> **Work item**
Give back exactly the lines spanning from the one containing "start capture image" to the final line of the records below, and no others.

> **Information shown**
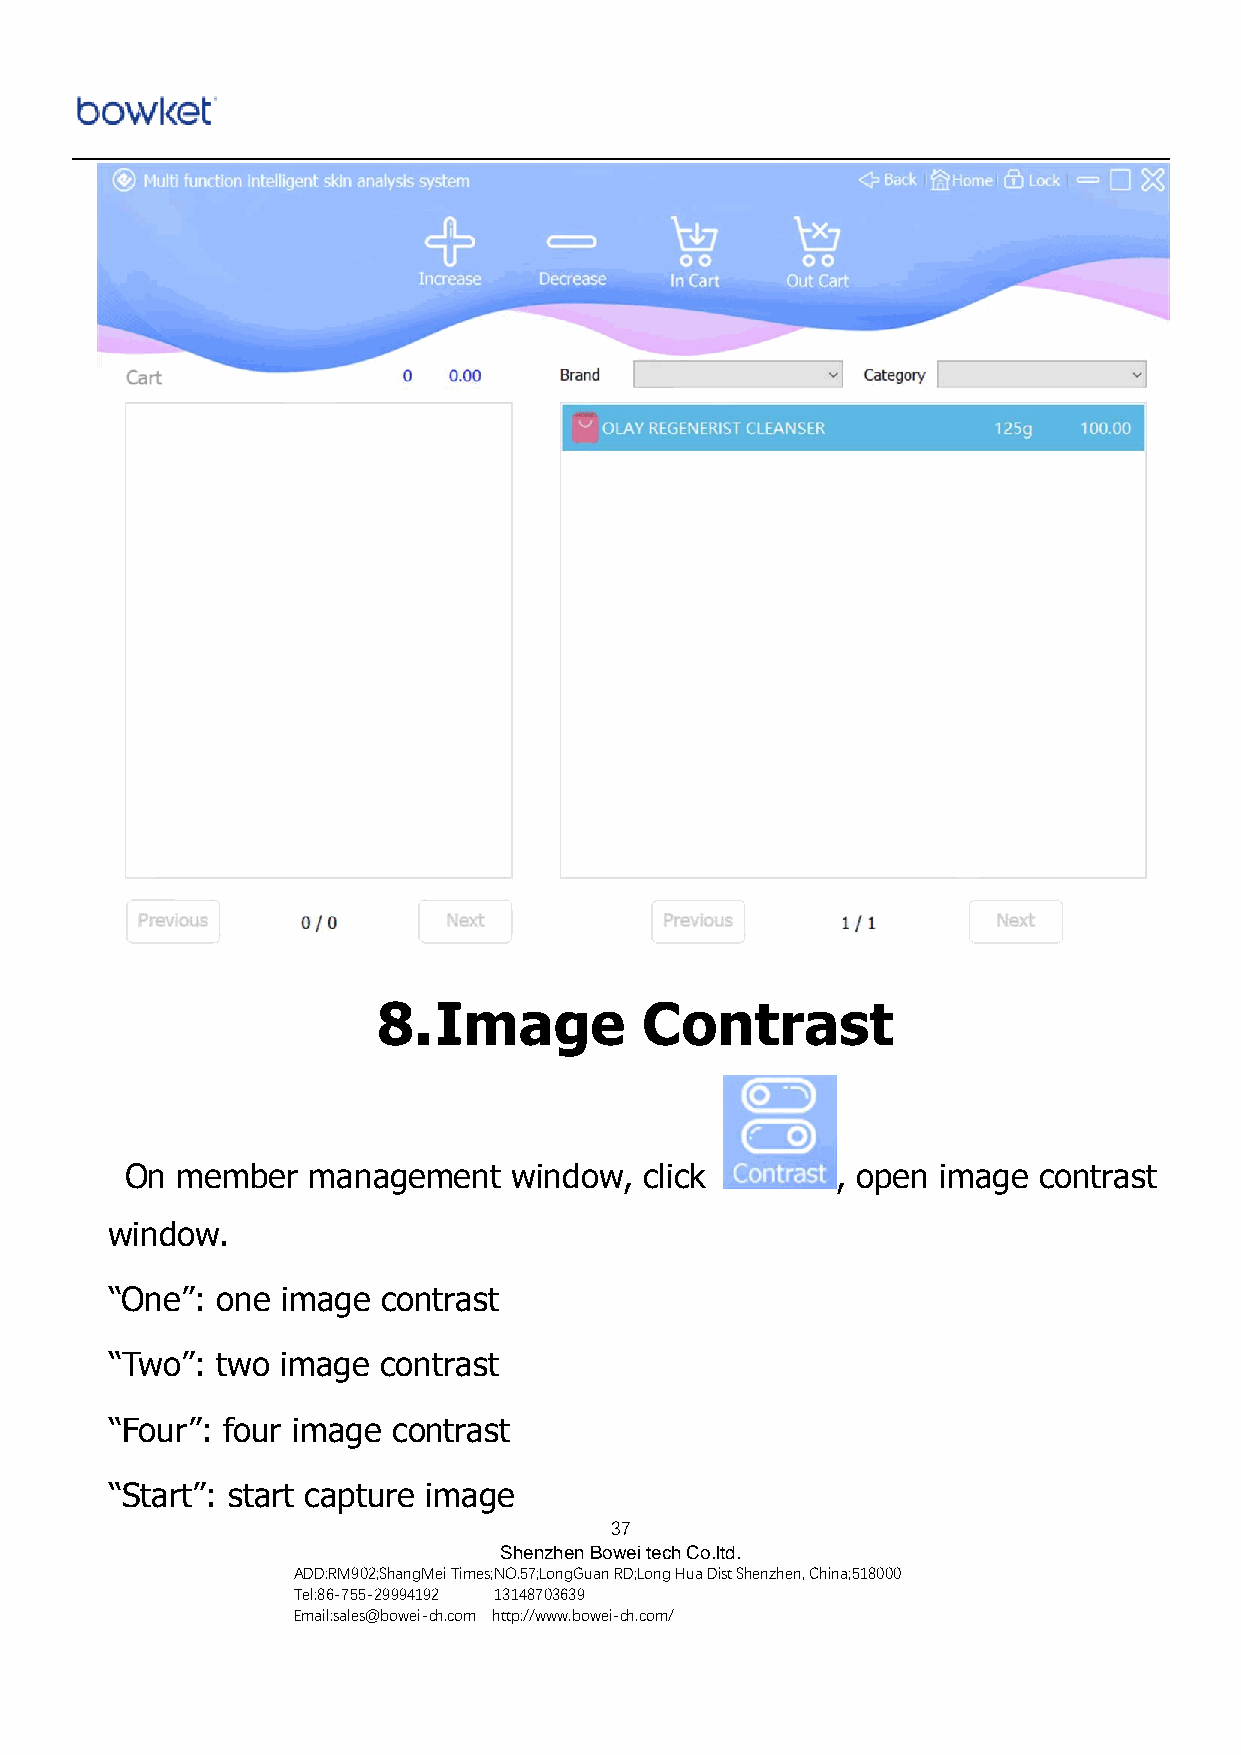
8.  Image        Contrast
 On  member  management    window,  click       , open image  contrast
 window.
 “One”: one  image contrast
 “Two”: two  image contrast
 “Four”: four image contrast
 “Start”: start capture image
 37
 Shenzhen Bowei tech Co.ltd.
 ADD:RM902;ShangMei Times;NO.57;LongGuan RD;Long Hua Dist Shenzhen, China;518000
 Tel:86-755-29994192 13148703639
 Email:sales@bowei-ch.com http://www.bowei-ch.com/

> **Solution for this exercise**
 “Start”: start capture image
 37
 Shenzhen Bowei tech Co.ltd.
 ADD:RM902;ShangMei Times;NO.57;LongGuan RD;Long Hua Dist Shenzhen, China;518000
 Tel:86-755-29994192 13148703639
 Email:sales@bowei-ch.com http://www.bowei-ch.com/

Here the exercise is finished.